Allogeneic MHC‑Matched T‑Cell Receptor Α/Β‑Depleted Bone Marrow Transplants in SHIV‑Infected, ART‑Suppressed Mauritian Cynomolgus Macaques
Weinfurter et al., Scientific Reports. 2022.
https://www.doi.org/10.1038/s41598-022-16306-z
Allogeneic hematopoietic stem cell transplants are effective in reducing HIV reservoirs following antiretroviral therapy (ART). A better understanding of this mechanism could enable the development of safer and more efficacious HIV treatment regimens. In this study, the researchers used a Mauritian cynomolgus macaque model to study the effects of allogeneic major histocompatibility complex–matched α/β T cell–depleted bone marrow cell transplantation following infection with simian–human immunodeficiency virus (SHIV). The macaques began ART 6 to 16 weeks post-infection. In three of the four macaques, SHIV DNA was undetectable in blood but persisted in other tissues. These results suggest that extended ART likely is needed to eradicate the HIV reservoir following transplantation. In future studies, full donor engraftment should be balanced with suppression of graft-versus-host disease. Supported by ORIP (P51OD011106, R24OD021322), and NCI.
Generation of SIV-Resistant T Cells and Macrophages from Nonhuman Primate Induced Pluripotent Stem Cells with Edited CCR5 Locus
D’Souza et al., Stem Cell Reports. 2022.
https://www.doi.org/10.1016/j.stemcr.2022.03.003
Genetically modified T cells have shown promise as a potential therapy for HIV. A renewable source of T cells from induced pluripotent stem cells (iPSCs) could help to further research progress in this area. The researchers used Mauritian cynomolgus macaques to generate simian immunodeficiency virus (SIV)–resistant T cells and macrophages from iPSCs. These engineered cells demonstrated impaired capacity for differentiation into CD4+CD8+ T cells. T cells and macrophages from the edited iPSCs did not support SIV replication. These findings could be applied to the development of new HIV therapies. Supported by ORIP (R24OD021322, P51OD011106) and NHLBI.

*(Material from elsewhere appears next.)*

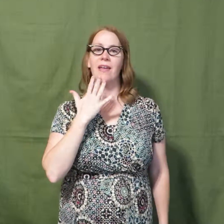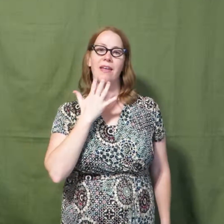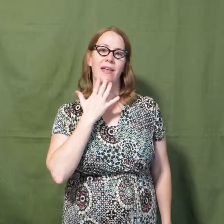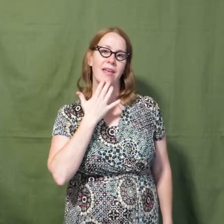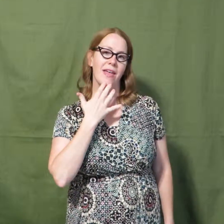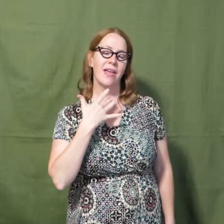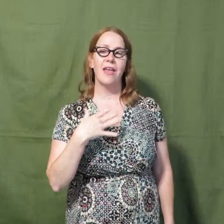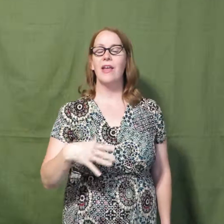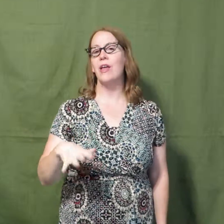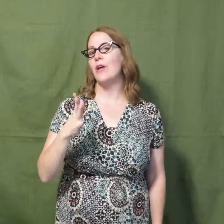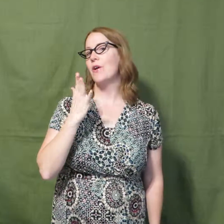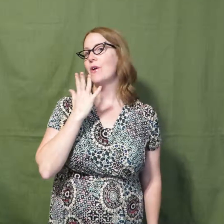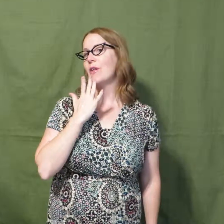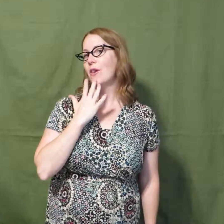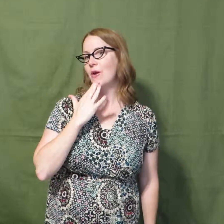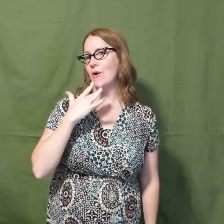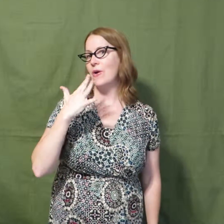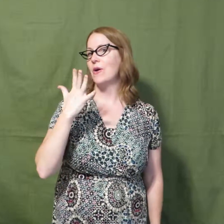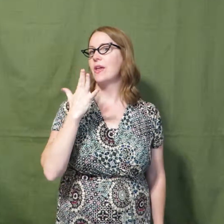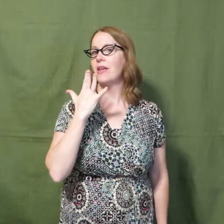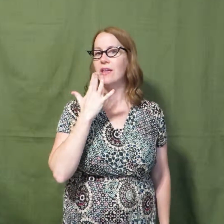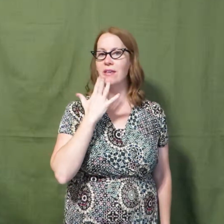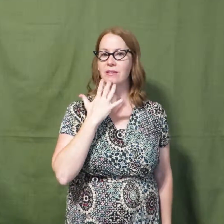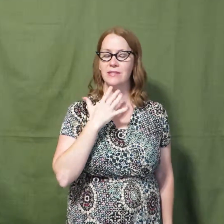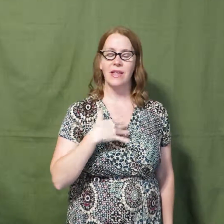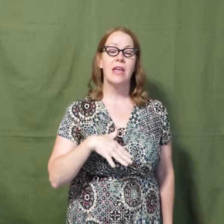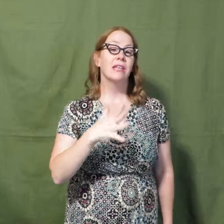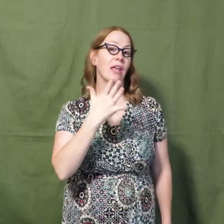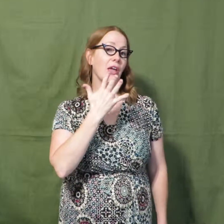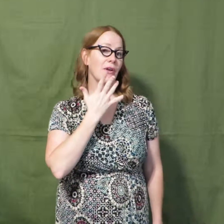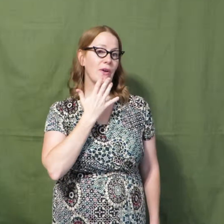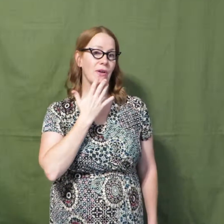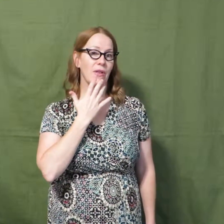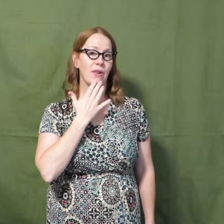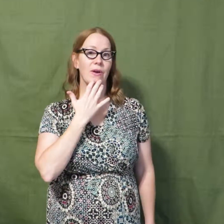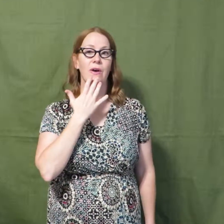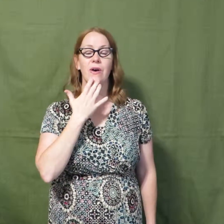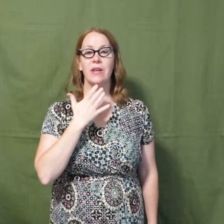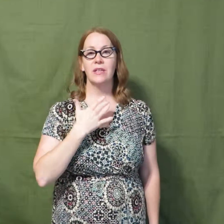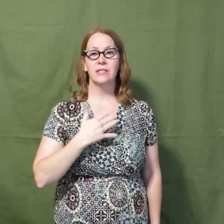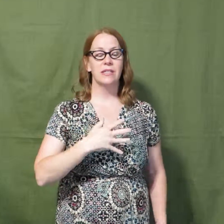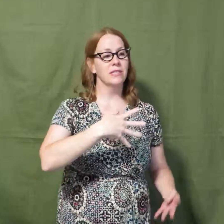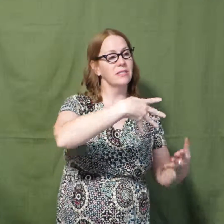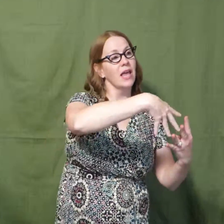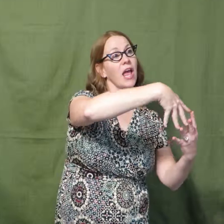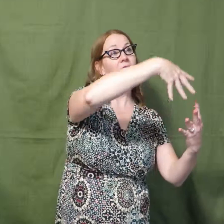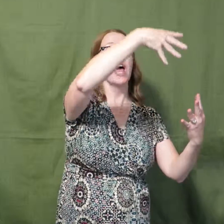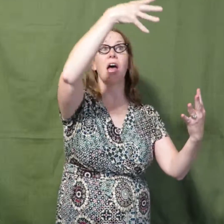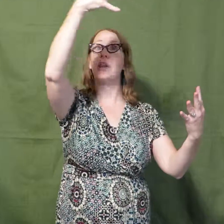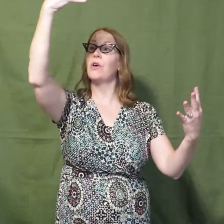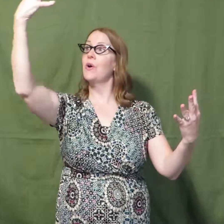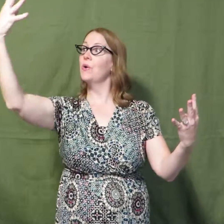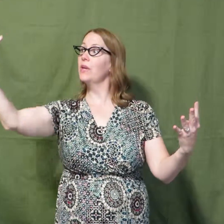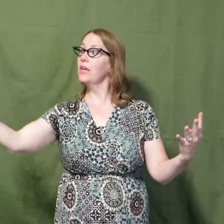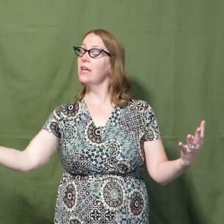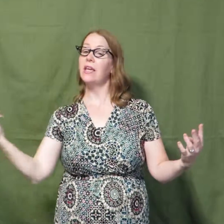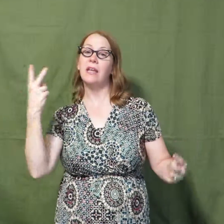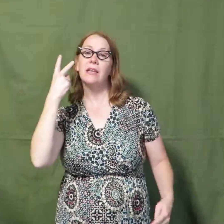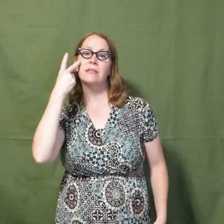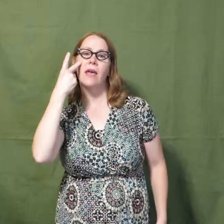De colores, de colores, es el arco iris

Antibody-Peptide Epitope Conjugates for Personalized Cancer Therapy
Zhang et al., Cancer Research. 2022.
https://pubmed.ncbi.nlm.nih.gov/34965933/
Antibody-peptide epitope conjugates (APEC) are a new class of modified antibody-drug conjugates that redirect T cell viral immunity against tumor cells. Investigators developed an experimental pipeline to create patient-specific APECs and identified new preclinical therapies for ovarian carcinoma. Based on functional assessment of viral peptide antigen responses to common viruses like cytomegalovirus in ovarian cancer patients, a library of 192 APECs with distinct protease cleavage sequences was created using the anti-epithelial cell adhesion molecule (EpCAM) antibody. The streamlined and systemic approach includes assessing APEC function in vivo using a new zebrafish xenograft platform that facilitates high-resolution single-cell imaging to assess therapy responses and then validating top candidates using traditional mouse xenograft studies and primary patient samples. This study develops a high-throughput preclinical platform to identify patient-specific antibody-peptide epitope conjugates that target cancer cells and demonstrates the potential of this immunotherapy approach for treating ovarian carcinoma. Supported by ORIP (R24OD016761).